Les galères
au XVIème Siècle


La galère a été le principal navire de combat sur la Méditerranée pendant des millénaires. Seule, l'apparition de l'artillerie lourde détrôna les combats traditionnels d'infanterie et, à long terme, signifia la fin du règne des galères. Elles furent cependant encore utilisées jusqu'au 19ième siècle. Le dernier grand combat de galères fut la bataille de Lépante.

La galère est un navire fin qui craint les coups de vent. Il ne peut donc être utilisé qu'en période de beau temps, c'est-à-dire, pendant la belle saison d'été.

Il est propulsé par des rameurs, qui, selon les pays et les moyens, étaient des prisonniers de guerre, des renégats, des esclaves ou des hommes libres. La technique du navire a très peu évolué depuis l'antiquité. Une faible voile aidait à la navigation. La voile carré de l'antiquité fut remplacée par la voile latine qui permet de prendre le vent de toutes les directions. Le système des multiples rangs de rames, tradition de l'antiquité, fut abandonné au profit d'un seul de rang de grosses rames actionnées par plusieurs hommes.

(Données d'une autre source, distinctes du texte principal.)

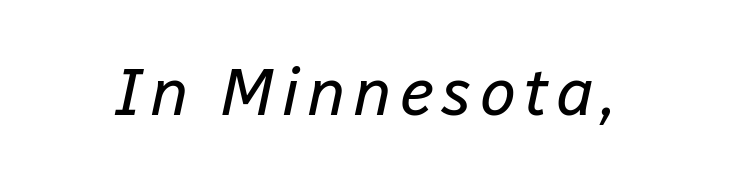
{"italic": "yes", "lean": "right", "slant_degrees": 12, "bold": "no", "weight": "regular", "width": "normal", "stroke_contrast": "low", "x_height": "medium", "monospaced": "no", "underline": "no", "glyph_px": 66}
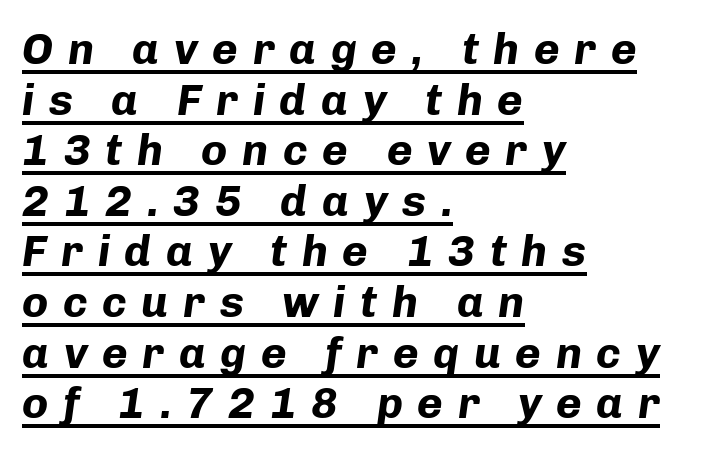
Q: Is the text bold? A: Yes.
Q: Is the text italic (slanted)? A: Yes, it leans right by about 8 degrees.
Q: Is the text underlined? A: Yes.
Q: How is the paragraph aligned? A: Left-aligned.
Q: Is the spacing between letters normal or unusually wide? A: Unusually wide.
Q: Is the spacing between lines tight, normal or loose? A: Tight.
Q: Width (condensed, normal, or wide)? A: Normal.
Q: Stroke contrast? A: Low.
Q: x-height? A: Medium.
Q: Monospaced? A: No.
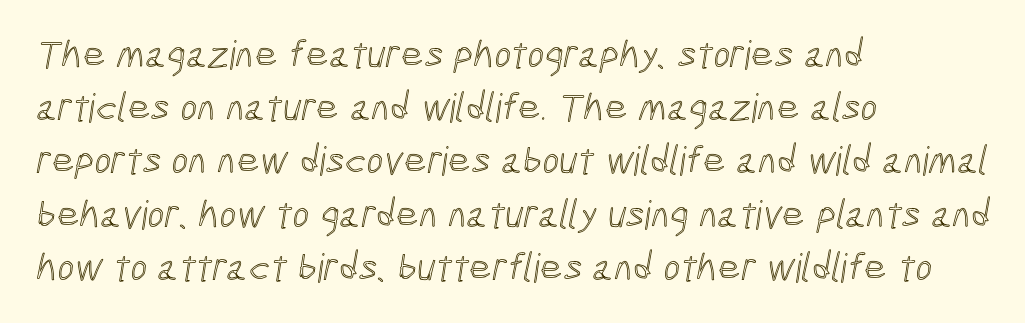
Q: Is the text underlined? A: No.
Q: How is the paragraph aligned? A: Left-aligned.
Q: Is the spacing between letters normal or unusually wide? A: Normal.
Q: Is the spacing between lines tight, normal or loose? A: Normal.
Q: Width (condensed, normal, or wide)? A: Condensed.
Q: x-height? A: Medium.
Q: Monospaced? A: No.
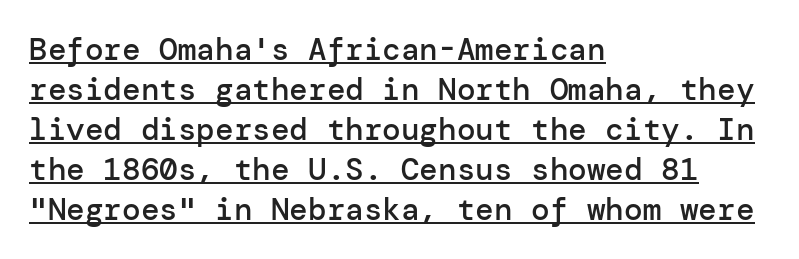
Q: Is the text bold? A: Semi-bold.
Q: Is the text italic (slanted)? A: No, it is upright.
Q: Is the typeface a serif or a sans-serif typeface? A: Sans-serif.
Q: Is the text underlined? A: Yes.
Q: How is the paragraph aligned? A: Left-aligned.
Q: Is the spacing between letters normal or unusually wide? A: Normal.
Q: Is the spacing between lines tight, normal or loose? A: Normal.
Q: Width (condensed, normal, or wide)? A: Normal.
Q: Stroke contrast? A: Low.
Q: x-height? A: Medium.

Rameurs et soldats sur une galère
Les rameurs sont trois par rame. Le garde-chiourme excitait de son fouet les rameurs. Il plaçait les hommes libres au plus près de la coursive, au bout de chaque rame, pour éviter qu'un des prisonniers ou esclaves ne le prenne par les pieds et l'entraîne sous le banc où le pire pouvait l'attendre. Tous les rameurs étaient entravés par des chaînes. Ils devaient donc dormir comme ils le pouvaient sur le banc la tête contre la rame ou sous la rame. L'odeur sur une galère était épouventable car les rameurs devaient déféquer sous les bancs. Une galère était ainsi repérable à 5 milles à la ronde grâce à son odeur. 30 à 90 soldats d'infanterie montaient sur une galère en fonction de son importance. Pendant les combats, les soldats s'échangeaient des tirs d'arquebuses ou d'arbalètes. Lorsque le capitaine manoeuvrait astucieusement, il arponnait de la proue le navire ennemi, et l'infanterie utilisait alors cette faible passerelle pour donner l'assaut. Les rameurs ne pouvaient que se blottir sous les bancs et les rames tandis que les soldats amis ou ennemis marchaient sur leur dos. N'ayant aucune protection, les rameurs étaient très exposés. De plus, si le navire coulait, les rameurs coulaient invariablement avec lui. On comprendra que ce type de combat donnait lieu à des pertes en vie humaine effroyables.

Nourriture
Sur la plupart des navires chrétiens et turques, la nourriture des marins et des soldats est uniquement composé de biscuits qui sont cuits avant le départ. Le biscuit remplace le pain de la terre ferme qui se détèriorerait trop vite en mer. Toutefois le repas était servi de préférence la nuit, afin que le mangeur ne voit pas trop les possibles dégats causés à la nourriture. Il est probable que les razzias permettaient d'améliorer l'ordinaire.

Nouveauté lors de la bataille de Lépante: La galéasse C'est une invention des vénitiens, une galère sur laquelle l'artillerie lourde prend place (jusqu'à une trentaine de pièces) et qui donna l'avantage au camp chrétien pendant la bataille de Lépante. Mais son poids la rend très difficile à tirer par ses propres rameurs, d'où une absence totale de mobilité et donc de manoeuvrabilité. En pratique, les plus lourdes étaient remorquées par les autres galères.